What emerging technologies show promise for advancing MMP14 research?

Several cutting-edge technologies are poised to transform our understanding of MMP14 biology:

Single-Cell Analysis:

• Single-cell RNA-seq and proteomics to understand cell-specific MMP14 expression patterns

• Spatial transcriptomics to map MMP14 expression in tissue contexts

• These approaches will reveal heterogeneity in MMP14 expression and function within tissues

Advanced Imaging:

• Super-resolution microscopy to visualize MMP14 clustering and dynamics at the cell surface

• FRET-based biosensors to monitor MMP14 activity in real-time in living cells

• Intravital imaging to observe MMP14 function in vivo

Structural Biology Advances:

• Cryo-electron microscopy for visualization of full-length MMP14 in different conformational states

• Molecular dynamics simulations to understand MMP14 dynamics and substrate interactions

• Integrative structural approaches combining multiple experimental techniques

Gene Editing Technologies:

• CRISPR-based approaches for precise engineering of MMP14 mutations

• Base editing for introducing specific amino acid changes to study structure-function relationships

• In vivo somatic gene editing to study tissue-specific MMP14 functions

Proteomics and Interactomics:

• Proximity labeling methods (BioID, APEX) to identify MMP14 interaction partners in living cells

• Degradomics to comprehensively identify MMP14 substrates in different contexts

• Crosslinking mass spectrometry to map protein interaction surfaces

These technologies promise to provide unprecedented insights into MMP14 biology, potentially leading to new therapeutic strategies for MMP14-related disorders.

How might therapeutic targeting of MMP14 evolve based on current research insights?
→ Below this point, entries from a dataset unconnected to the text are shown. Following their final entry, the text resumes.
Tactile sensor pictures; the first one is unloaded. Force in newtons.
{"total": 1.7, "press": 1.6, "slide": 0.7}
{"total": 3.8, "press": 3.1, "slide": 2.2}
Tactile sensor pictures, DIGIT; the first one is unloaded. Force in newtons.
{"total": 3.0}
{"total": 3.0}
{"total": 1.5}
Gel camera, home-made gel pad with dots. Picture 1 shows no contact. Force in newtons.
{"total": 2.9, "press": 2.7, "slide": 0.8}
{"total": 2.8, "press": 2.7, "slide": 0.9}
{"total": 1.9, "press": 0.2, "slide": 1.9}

The therapeutic landscape for MMP14 is evolving based on deeper understanding of its structure and function:

Current Limitations in MMP Targeting:

• Previous broad-spectrum MMP inhibitors failed in clinical trials due to lack of specificity

• Catalytic site similarity across MMPs makes selective inhibition challenging

• Dual roles of MMP14 in disease (both promoting and protective) complicate therapeutic approaches

Emerging Strategies:

• Highly selective catalytic inhibitors:

  • Structure-based design targeting unique features of the MMP14 catalytic pocket

  • Allosteric inhibitors that bind outside the catalytic site for greater selectivity

  • Exosite inhibitors targeting substrate-binding regions specific to MMP14

• Function-selective approaches:

  • Inhibitors that block specific MMP14 activities (e.g., pro-MMP2 activation) while preserving others

  • Targeting MMP14 in specific contexts (e.g., cancer-specific glycoforms)
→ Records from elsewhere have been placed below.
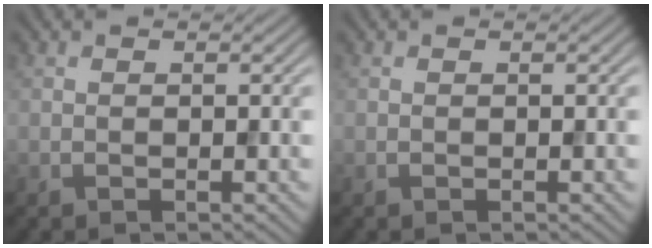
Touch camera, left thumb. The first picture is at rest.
{"total": 0.0}
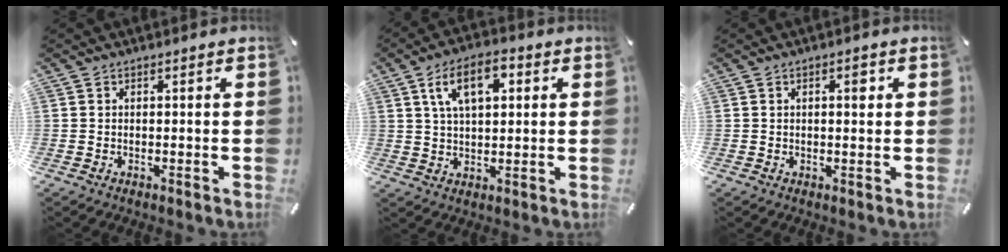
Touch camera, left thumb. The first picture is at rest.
{"total": 9.9, "force": [3.7, 5.2, 7.6], "torque": [-0.131, 0.004, 0.063]}
{"total": 2.7, "force": [0.7, 1.1, 2.3], "torque": [-0.025, -0.002, 0.004]}
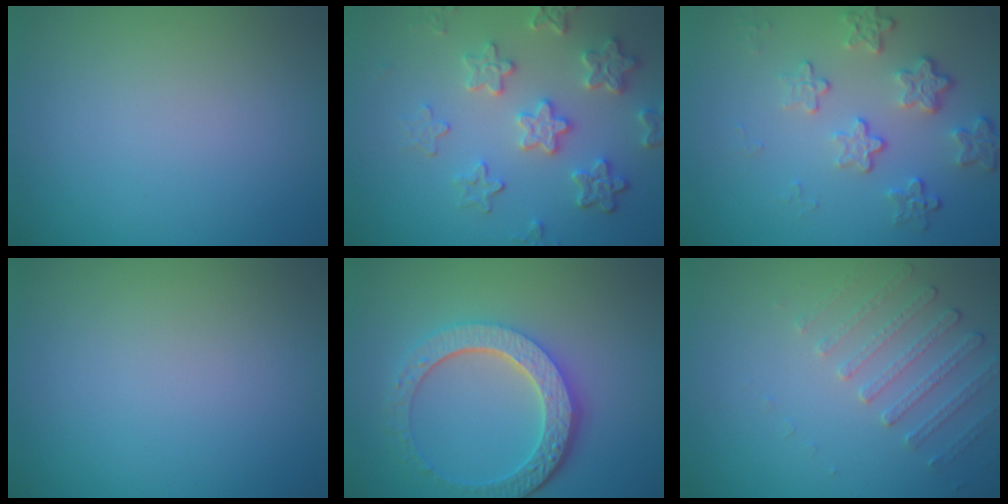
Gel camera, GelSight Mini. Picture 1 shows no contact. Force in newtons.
{"total": 5.1, "press": 4.1, "slide": 2.9}
{"total": 4.1, "press": 3.0, "slide": 2.8}
{"total": 0.0}
{"total": 6.0, "press": 4.5, "slide": 4.0}
{"total": 1.9, "press": 1.5, "slide": 1.2}
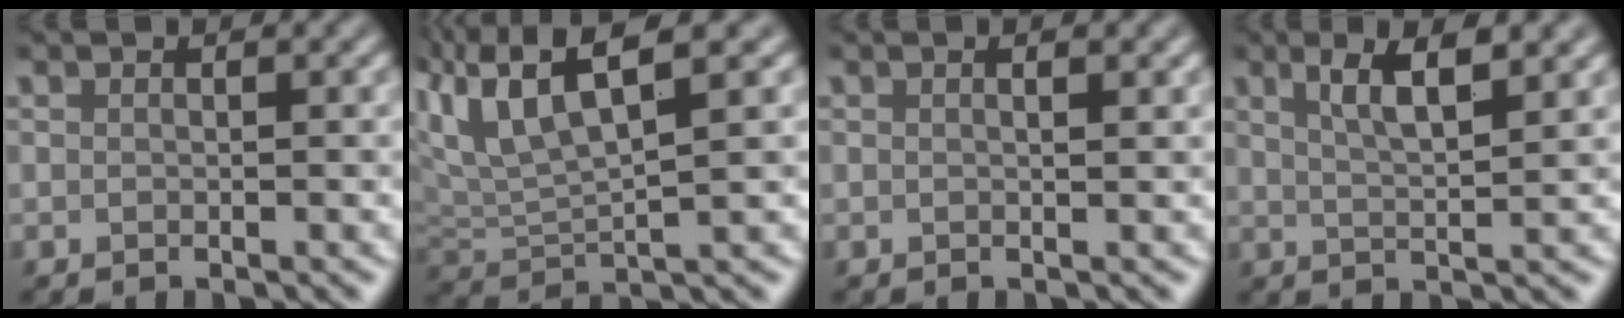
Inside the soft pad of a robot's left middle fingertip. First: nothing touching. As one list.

  • Hemopexin domain-targeting agents that modulate protein-protein interactions

• Cell-specific delivery:

  • Antibody-drug conjugates targeting MMP14-expressing cells

  • Nanoparticle delivery of MMP14 inhibitors to specific tissues

  • Exploiting MMP14 itself as a trigger for targeted drug release

• Gene therapy approaches:

  • Correction of MMP14 mutations for rare genetic disorders like Winchester syndrome

  • Modulation of MMP14 expression in specific tissues using non-coding RNAs

  • CRISPR-based approaches for precise gene editing

Future Perspectives:
The development of context-specific MMP14 modulators rather than global inhibitors represents the most promising avenue for therapeutic development. Understanding how different MMP14 mutations impact specific functions (as seen with p.R111H vs. p.T17R) provides crucial insights for designing precision medicines for MMP14-related disorders.